**Your assignment**
The listing below must be duplicated in full, with nothing altered.
- Opening Delimiter -
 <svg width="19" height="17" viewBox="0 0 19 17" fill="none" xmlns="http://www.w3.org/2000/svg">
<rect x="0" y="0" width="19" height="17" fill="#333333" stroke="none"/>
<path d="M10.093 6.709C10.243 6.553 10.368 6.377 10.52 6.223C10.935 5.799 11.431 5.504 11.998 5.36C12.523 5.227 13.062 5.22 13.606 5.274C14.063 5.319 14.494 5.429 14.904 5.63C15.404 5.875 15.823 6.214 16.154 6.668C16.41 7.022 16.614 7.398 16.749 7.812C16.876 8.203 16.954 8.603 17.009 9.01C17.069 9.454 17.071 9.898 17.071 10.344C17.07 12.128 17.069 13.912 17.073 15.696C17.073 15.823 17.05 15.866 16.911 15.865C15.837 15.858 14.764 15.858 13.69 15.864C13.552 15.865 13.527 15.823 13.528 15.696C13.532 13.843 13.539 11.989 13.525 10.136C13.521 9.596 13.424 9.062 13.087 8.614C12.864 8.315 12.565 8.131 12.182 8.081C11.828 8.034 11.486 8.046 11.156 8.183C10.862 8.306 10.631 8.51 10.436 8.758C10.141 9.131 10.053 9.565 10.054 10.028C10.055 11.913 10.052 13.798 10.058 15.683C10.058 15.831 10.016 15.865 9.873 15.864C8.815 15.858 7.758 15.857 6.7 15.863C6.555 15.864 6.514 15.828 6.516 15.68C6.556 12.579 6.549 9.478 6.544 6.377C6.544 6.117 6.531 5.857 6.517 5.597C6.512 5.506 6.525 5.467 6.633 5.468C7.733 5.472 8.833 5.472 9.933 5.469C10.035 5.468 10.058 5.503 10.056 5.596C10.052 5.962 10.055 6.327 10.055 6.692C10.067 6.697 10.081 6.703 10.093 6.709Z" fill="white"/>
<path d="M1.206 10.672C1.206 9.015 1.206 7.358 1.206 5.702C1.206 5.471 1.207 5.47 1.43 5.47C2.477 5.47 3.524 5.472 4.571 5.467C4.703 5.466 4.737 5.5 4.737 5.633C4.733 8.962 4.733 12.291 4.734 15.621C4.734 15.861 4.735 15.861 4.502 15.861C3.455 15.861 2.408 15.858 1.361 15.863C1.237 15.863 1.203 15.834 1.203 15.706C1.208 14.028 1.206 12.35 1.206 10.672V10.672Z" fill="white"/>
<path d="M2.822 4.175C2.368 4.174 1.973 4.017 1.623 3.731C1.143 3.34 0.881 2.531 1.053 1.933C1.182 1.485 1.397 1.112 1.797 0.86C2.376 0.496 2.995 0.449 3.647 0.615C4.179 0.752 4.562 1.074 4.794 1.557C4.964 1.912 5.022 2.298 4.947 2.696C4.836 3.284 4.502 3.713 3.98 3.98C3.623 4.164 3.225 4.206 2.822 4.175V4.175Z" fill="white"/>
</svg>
- Closing Delimiter -
**The answer**
 <svg width="19" height="17" viewBox="0 0 19 17" fill="none" xmlns="http://www.w3.org/2000/svg">
<rect x="0" y="0" width="19" height="17" fill="#333333" stroke="none"/>
<path d="M10.093 6.709C10.243 6.553 10.368 6.377 10.52 6.223C10.935 5.799 11.431 5.504 11.998 5.36C12.523 5.227 13.062 5.22 13.606 5.274C14.063 5.319 14.494 5.429 14.904 5.63C15.404 5.875 15.823 6.214 16.154 6.668C16.41 7.022 16.614 7.398 16.749 7.812C16.876 8.203 16.954 8.603 17.009 9.01C17.069 9.454 17.071 9.898 17.071 10.344C17.07 12.128 17.069 13.912 17.073 15.696C17.073 15.823 17.05 15.866 16.911 15.865C15.837 15.858 14.764 15.858 13.69 15.864C13.552 15.865 13.527 15.823 13.528 15.696C13.532 13.843 13.539 11.989 13.525 10.136C13.521 9.596 13.424 9.062 13.087 8.614C12.864 8.315 12.565 8.131 12.182 8.081C11.828 8.034 11.486 8.046 11.156 8.183C10.862 8.306 10.631 8.51 10.436 8.758C10.141 9.131 10.053 9.565 10.054 10.028C10.055 11.913 10.052 13.798 10.058 15.683C10.058 15.831 10.016 15.865 9.873 15.864C8.815 15.858 7.758 15.857 6.7 15.863C6.555 15.864 6.514 15.828 6.516 15.68C6.556 12.579 6.549 9.478 6.544 6.377C6.544 6.117 6.531 5.857 6.517 5.597C6.512 5.506 6.525 5.467 6.633 5.468C7.733 5.472 8.833 5.472 9.933 5.469C10.035 5.468 10.058 5.503 10.056 5.596C10.052 5.962 10.055 6.327 10.055 6.692C10.067 6.697 10.081 6.703 10.093 6.709Z" fill="white"/>
<path d="M1.206 10.672C1.206 9.015 1.206 7.358 1.206 5.702C1.206 5.471 1.207 5.47 1.43 5.47C2.477 5.47 3.524 5.472 4.571 5.467C4.703 5.466 4.737 5.5 4.737 5.633C4.733 8.962 4.733 12.291 4.734 15.621C4.734 15.861 4.735 15.861 4.502 15.861C3.455 15.861 2.408 15.858 1.361 15.863C1.237 15.863 1.203 15.834 1.203 15.706C1.208 14.028 1.206 12.35 1.206 10.672V10.672Z" fill="white"/>
<path d="M2.822 4.175C2.368 4.174 1.973 4.017 1.623 3.731C1.143 3.34 0.881 2.531 1.053 1.933C1.182 1.485 1.397 1.112 1.797 0.86C2.376 0.496 2.995 0.449 3.647 0.615C4.179 0.752 4.562 1.074 4.794 1.557C4.964 1.912 5.022 2.298 4.947 2.696C4.836 3.284 4.502 3.713 3.98 3.98C3.623 4.164 3.225 4.206 2.822 4.175V4.175Z" fill="white"/>
</svg>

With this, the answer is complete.